Alsa’s period size setting will affect how much work the CPU does. if you set the period size low, there will be more interrupts and the work that is done every interrupt will be done more often. So, if you don’t care about low latency, set the period size large as possible and you’ll have more CPU cycles for other things. The defaults that ALSA provides are in the middle of the range, typically.
(from an old AlsaDevel thread[1], quoting Paul Davis)
Retrieved from “http://alsa.opensrc.org/Period”
A frame is equivalent of one sample being played, irrespective of the number of channels or the number of bits. e.g.
- 1 frame of a Stereo 48khz 16bit PCM stream is 4 bytes.
- 1 frame of a 5.1 48khz 16bit PCM stream is 12 bytes.
A period is the number of frames in between each hardware interrupt. The poll() will return once a period.
The buffer is a ring buffer. The buffer size always has to be greater than one period size. Commonly this is 2*period size, but some hardware can do 8 periods per buffer. It is also possible for the buffer size to not be an integer multiple of the period size.
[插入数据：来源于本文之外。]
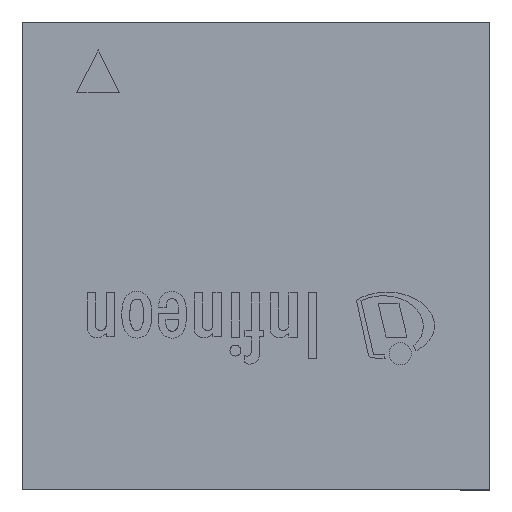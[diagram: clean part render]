
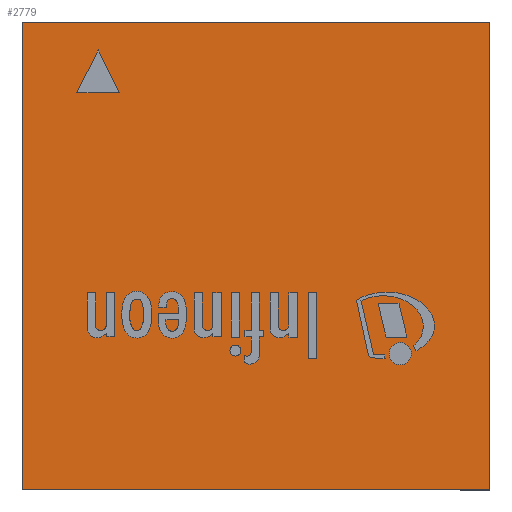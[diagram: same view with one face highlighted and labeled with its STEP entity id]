
A CAD part, top view. The second image highlights one B-rep face of the part: STEP entity #2779.
In plain terms, the highlighted planar face has unit normal (0, 0, 1).
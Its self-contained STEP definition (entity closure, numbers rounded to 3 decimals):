
#120=FACE_BOUND('',#314,.T.);
#136=FACE_OUTER_BOUND('',#313,.T.);
#313=EDGE_LOOP('',(#1871,#1872,#1873,#1874));
#314=EDGE_LOOP('',(#1875,#1876,#1877));
#490=LINE('',#3832,#840);
#494=LINE('',#3839,#844);
#496=LINE('',#3842,#846);
#499=LINE('',#3851,#849);
#502=LINE('',#3857,#852);
#505=LINE('',#3863,#855);
#508=LINE('',#3867,#858);
#840=VECTOR('',#3144,1.);
#844=VECTOR('',#3150,1.);
#846=VECTOR('',#3154,1.);
#849=VECTOR('',#3161,1.);
#852=VECTOR('',#3166,1.);
#855=VECTOR('',#3171,1.);
#858=VECTOR('',#3176,1.);
#1190=VERTEX_POINT('',#3829);
#1191=VERTEX_POINT('',#3831);
#1193=VERTEX_POINT('',#3837);
#1196=VERTEX_POINT('',#3848);
#1197=VERTEX_POINT('',#3850);
#1199=VERTEX_POINT('',#3856);
#1201=VERTEX_POINT('',#3862);
#1450=EDGE_CURVE('',#1191,#1190,#490,.T.);
#1454=EDGE_CURVE('',#1190,#1193,#494,.T.);
#1456=EDGE_CURVE('',#1193,#1191,#496,.T.);
#1459=EDGE_CURVE('',#1197,#1196,#499,.T.);
#1462=EDGE_CURVE('',#1199,#1197,#502,.T.);
#1465=EDGE_CURVE('',#1201,#1199,#505,.T.);
#1468=EDGE_CURVE('',#1196,#1201,#508,.T.);
#1871=ORIENTED_EDGE('',*,*,#1468,.T.);
#1872=ORIENTED_EDGE('',*,*,#1465,.T.);
#1873=ORIENTED_EDGE('',*,*,#1462,.T.);
#1874=ORIENTED_EDGE('',*,*,#1459,.T.);
#1875=ORIENTED_EDGE('',*,*,#1450,.T.);
#1876=ORIENTED_EDGE('',*,*,#1454,.T.);
#1877=ORIENTED_EDGE('',*,*,#1456,.T.);
#2621=PLANE('',#2980);
#2779=ADVANCED_FACE('',(#136,#120),#2621,.T.);
#2980=AXIS2_PLACEMENT_3D('',#3869,#3179,#3180);
#3144=DIRECTION('',(-1.,0.,0.));
#3150=DIRECTION('',(0.447,0.894,0.));
#3154=DIRECTION('',(0.447,-0.894,0.));
#3161=DIRECTION('',(0.,-1.,0.));
#3166=DIRECTION('',(-1.,0.,0.));
#3171=DIRECTION('',(0.,1.,0.));
#3176=DIRECTION('',(1.,0.,0.));
#3179=DIRECTION('center_axis',(0.,0.,1.));
#3180=DIRECTION('ref_axis',(-1.,0.,0.));
#3829=CARTESIAN_POINT('',(-0.421,0.384,0.4));
#3831=CARTESIAN_POINT('',(-0.321,0.384,0.4));
#3832=CARTESIAN_POINT('',(-0.211,0.384,0.4));
#3837=CARTESIAN_POINT('',(-0.371,0.484,0.4));
#3839=CARTESIAN_POINT('',(-0.431,0.365,0.4));
#3842=CARTESIAN_POINT('',(-0.212,0.166,0.4));
#3848=CARTESIAN_POINT('',(-0.55,-0.55,0.4));
#3850=CARTESIAN_POINT('',(-0.55,0.55,0.4));
#3851=CARTESIAN_POINT('',(-0.55,-0.55,0.4));
#3856=CARTESIAN_POINT('',(0.55,0.55,0.4));
#3857=CARTESIAN_POINT('',(-0.55,0.55,0.4));
#3862=CARTESIAN_POINT('',(0.55,-0.55,0.4));
#3863=CARTESIAN_POINT('',(0.55,0.55,0.4));
#3867=CARTESIAN_POINT('',(0.55,-0.55,0.4));
#3869=CARTESIAN_POINT('Origin',(0.,0.,
0.4));

Now, if the hardware has been set to 48000Hz , 2 periods, of 1024 frames each, making a buffer size of 2048 frames. The hardware will interrupt 2 times per buffer. ALSA will endeavor to keep the buffer as full as possible. Once the first period of samples has been played, the third period of samples is transfered into the space the first one occupied while the second period of samples is being played. (normal ring buffer behaviour).
dditional example
Here is an alternative example for the above discussion.
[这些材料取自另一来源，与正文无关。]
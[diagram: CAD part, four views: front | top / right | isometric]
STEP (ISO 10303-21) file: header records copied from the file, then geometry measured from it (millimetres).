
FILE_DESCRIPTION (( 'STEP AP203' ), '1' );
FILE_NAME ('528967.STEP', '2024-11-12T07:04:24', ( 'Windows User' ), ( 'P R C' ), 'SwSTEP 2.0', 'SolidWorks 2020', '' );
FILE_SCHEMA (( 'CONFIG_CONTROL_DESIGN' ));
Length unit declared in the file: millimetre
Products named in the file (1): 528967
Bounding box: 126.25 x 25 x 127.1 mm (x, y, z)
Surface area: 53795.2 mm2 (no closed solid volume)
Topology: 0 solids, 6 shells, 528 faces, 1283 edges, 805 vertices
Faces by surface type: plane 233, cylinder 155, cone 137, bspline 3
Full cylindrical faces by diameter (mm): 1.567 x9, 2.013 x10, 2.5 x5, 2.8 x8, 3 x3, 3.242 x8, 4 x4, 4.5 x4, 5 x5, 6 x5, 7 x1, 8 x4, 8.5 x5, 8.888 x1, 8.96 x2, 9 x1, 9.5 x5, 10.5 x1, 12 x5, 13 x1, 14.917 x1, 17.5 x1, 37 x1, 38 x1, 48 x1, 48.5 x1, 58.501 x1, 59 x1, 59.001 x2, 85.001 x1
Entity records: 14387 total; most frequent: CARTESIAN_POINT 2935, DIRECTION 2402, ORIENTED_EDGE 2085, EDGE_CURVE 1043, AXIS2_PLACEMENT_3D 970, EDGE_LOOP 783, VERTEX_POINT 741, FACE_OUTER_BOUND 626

Say we want to work with a stereo, 16-bit, 44.1 KHz stream, one-way (meaning, either in playback or in capture direction). Then we have:
- ‘stereo’ = number of channels: 2
- 1 analog sample is represented with 16 bits = 2 bytes
- 1 frame represents 1 analog sample from all channels; here we have 2 channels, and so: 1 frame = (num_channels) * (1 sample in bytes) = (2 channels) * (2 bytes (16 bits) per sample) = 4 bytes (32 bits)
- To sustain 2x 44.1 KHz analog rate - the system must be capable of data transfer rate, in Bytes/sec: Bps_rate = (num_channels) * (1 sample in bytes) * (analog_rate) = (1 frame) * (analog_rate) = ( 2 channels ) * (2 bytes/sample) * (44100 samples/sec) = 2244100 = 176400 Bytes/sec
Now, if ALSA would interrupt each second, asking for bytes - we’d need to have 176400 bytes ready for it (at end of each second), in order to sustain analog 16-bit stereo @ 44.1Khz.
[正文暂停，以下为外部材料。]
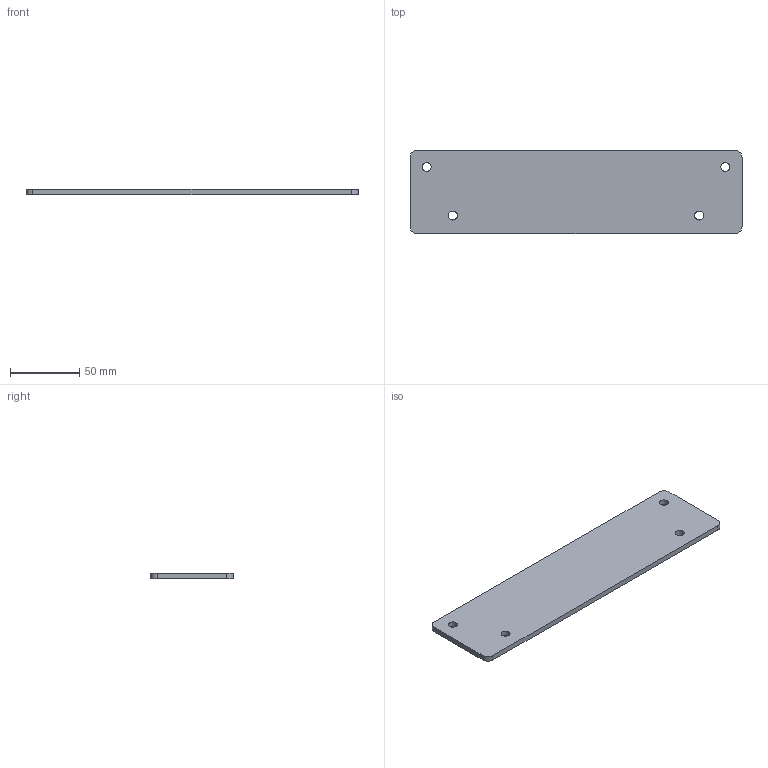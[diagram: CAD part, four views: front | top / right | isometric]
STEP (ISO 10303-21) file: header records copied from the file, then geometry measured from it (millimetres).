
FILE_DESCRIPTION (( 'STEP AP214' ), '1' );
FILE_NAME ('6901009', '2019-02-01T14:36:41', ( '' ), ('JUGARD+KÜNSTNER GmbH'), 'SwSTEP 2.0', 'SolidWorks 2017', '' );
FILE_SCHEMA (( 'AUTOMOTIVE_DESIGN' ));
Length unit declared in the file: millimetre
Products named in the file (1): 6901009_CNAJF00
Bounding box: 240 x 60 x 4 mm (x, y, z)
Volume: 56983.2 mm3; surface area: 31184 mm2
Topology: 1 solids, 1 shells, 18 faces, 48 edges, 32 vertices
Faces by surface type: cylinder 12, plane 6
Entity records: 626 total; most frequent: DIRECTION 110, CARTESIAN_POINT 99, ORIENTED_EDGE 96, EDGE_CURVE 48, AXIS2_PLACEMENT_3D 43, VERTEX_POINT 32, EDGE_LOOP 26, CIRCLE 24

- If it would interrupt each half a second, correspondingly for the same stream we’d need 176400/2 = 88200 bytes ready, at each interrupt;
- if the interrupt hits each 100 ms, we’d need to have 176400*(0.1/1) = 17640 bytes ready, at each interrupt.
We can control when this PCM interrupt is generated, by setting a period size, which is set in frames.
- Thus, if we set 16-bit stereo @ 44.1Khz, and the period_size to 4410 frames => (for 16-bit stereo @ 44.1Khz, 1 frame equals 4 bytes - so 4410 frames equal 4410*4 = 17640 bytes) => an interrupt will be generated each 17640 bytes - that is, each 100 ms.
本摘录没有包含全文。